Sufentanil was used to manage this patient’s chronic pain via an IDDS. There are very few reports of sufentanil being used via continuous intrathecal infusion, with most of what is known of sufentanil intrathecal pharmacokinetics based upon single bolus dose administration [7, 10,11,12,13]. Opioids work by decreasing neurotransmitter release and hyperpolarizing membranes in the dorsal horn of the spinal cord. Drug is delivered to the mu receptor of the substantia gelatinosa, which is the ultimate site of action. Significantly less opioid is required when given intrathecally, compared to intravenous or oral doses, due to a large peripheral volume of distribution.
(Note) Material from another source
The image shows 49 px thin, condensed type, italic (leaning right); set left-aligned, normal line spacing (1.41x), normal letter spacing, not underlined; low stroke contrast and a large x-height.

According to the manufacturer, these programmable IDDS devices deliver either an intermittent or continuous amount of medication intrathecally. Drug dosages can be changed without significant intervention such as the aspiration and refilling of a different medication concentration as seen in fixed-rate delivery systems. Programmable dose changes are quite useful for conditions such as opioid tolerance or dynamic changes in pain that necessitate frequent dose alterations for patients with cancer. The pump can be interrogated or deactivated without emptying the drug reservoir in cases of suspected malfunction [14].

The sufentanil IDDS used in this case is unique due to the degree of lipophilicity of sufentanil compared to other intrathecal opioids. Specifically, sufentanil has an octanol:water partition coefficient of 2842, compared to fentanyl’s coefficient of 717.0 and morphine’s of 0.7 [8]. The high lipophilicity of sufentanil probably contributed to significant sequestration of this drug in fat. The epidural fat acted as a depot for sufentanil, facilitating slow egress of the drug out of the fat and back into the systemic circulation, eventually reaching the CNS over time. According to the Polyanalgesic Consensus Conference recommendations, the recommended dose for sufentanil is 5–20 mcg with a maximum concentration of 5 mg/mL and maximum dose per day of 500 mcg [15].
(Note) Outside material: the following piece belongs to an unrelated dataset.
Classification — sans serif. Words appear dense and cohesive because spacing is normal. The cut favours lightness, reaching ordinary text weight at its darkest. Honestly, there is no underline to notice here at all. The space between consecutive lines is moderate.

The context-sensitive half-times of lipophilic opioids are also important in this case. Because of the pharmacokinetics of sufentanil, the stores of sufentanil in the body administered via continuous intrathecal infusion would be expected to change over time compared to that of single dose administration. For extended intravenously administered medications, the neural compartment target will saturate and redistribution to fat will occur. This would be difficult to assess by plasma levels because the majority of the accumulation is occurring in the fat stores making withdrawal dosing calculations extremely difficult.
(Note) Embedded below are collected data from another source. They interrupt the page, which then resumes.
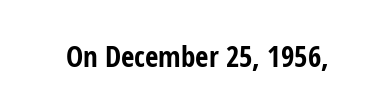
A typesetter would call this zero additional tracking. The gap between lines stays unmarked. The passage shown is typed in a proportional face where columns would drift. The type family on display is of the sans-serif kind. Strong, thick strokes mark this as bold type. The lettering holds an erect, upright posture throughout.
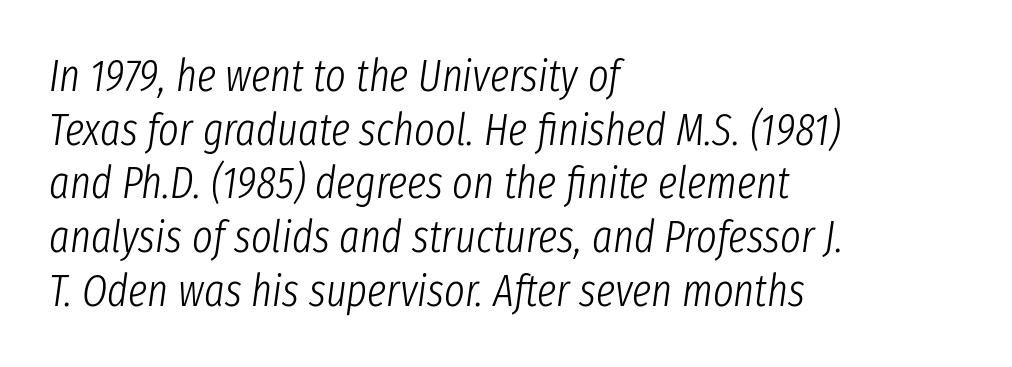
Q: Is the text bold? A: No.
Q: Is the text italic (slanted)? A: Yes, it leans right by about 8 degrees.
Q: Is the text underlined? A: No.
Q: How is the paragraph aligned? A: Left-aligned.
Q: Is the spacing between letters normal or unusually wide? A: Normal.
Q: Width (condensed, normal, or wide)? A: Condensed.
Q: Stroke contrast? A: Low.
Q: x-height? A: Medium.
Q: Monospaced? A: No.

Because the patient presented in this case report was receiving 1/100th of the dose prescribed, a major withdrawal would be expected. However, the contributory pharmacokinetics was such that this expected withdrawal was not observed. A dye study could have been performed to assess whether any medication was delivered; however, since our patient was not symptomatic and had decided to not continue with therapy, no additional root cause analysis was obtained. The pharmacokinetics of sufentanil may allow accumulation within adipose compartments due to its high octanol:water partition coefficient in comparison to other opioids (for example, fentanyl or morphine) and, consequently, the intrathecal delivery may favor epidural fat accumulation. Although, notably, accumulation in the peripheral sites within the central compartment would be less when compared to an intravenous route [8]. The absence of any major withdrawal is important because the specific drug pharmacokinetics appeared to work in this patient’s favor. Drug delivery system failure must include a broad differential that includes malfunction of both the delivery system and possibly the pharmacokinetics in order to safely deliver care to these patients. A recommendation was made for pump replacement and pain rehabilitation; however, our patient did not pursue either option. No cause was identified for the pump malfunction since the pump still remains in place several years later. The role that his home medications (opioids and gabapentin) played in his withdrawal symptoms cannot be excluded.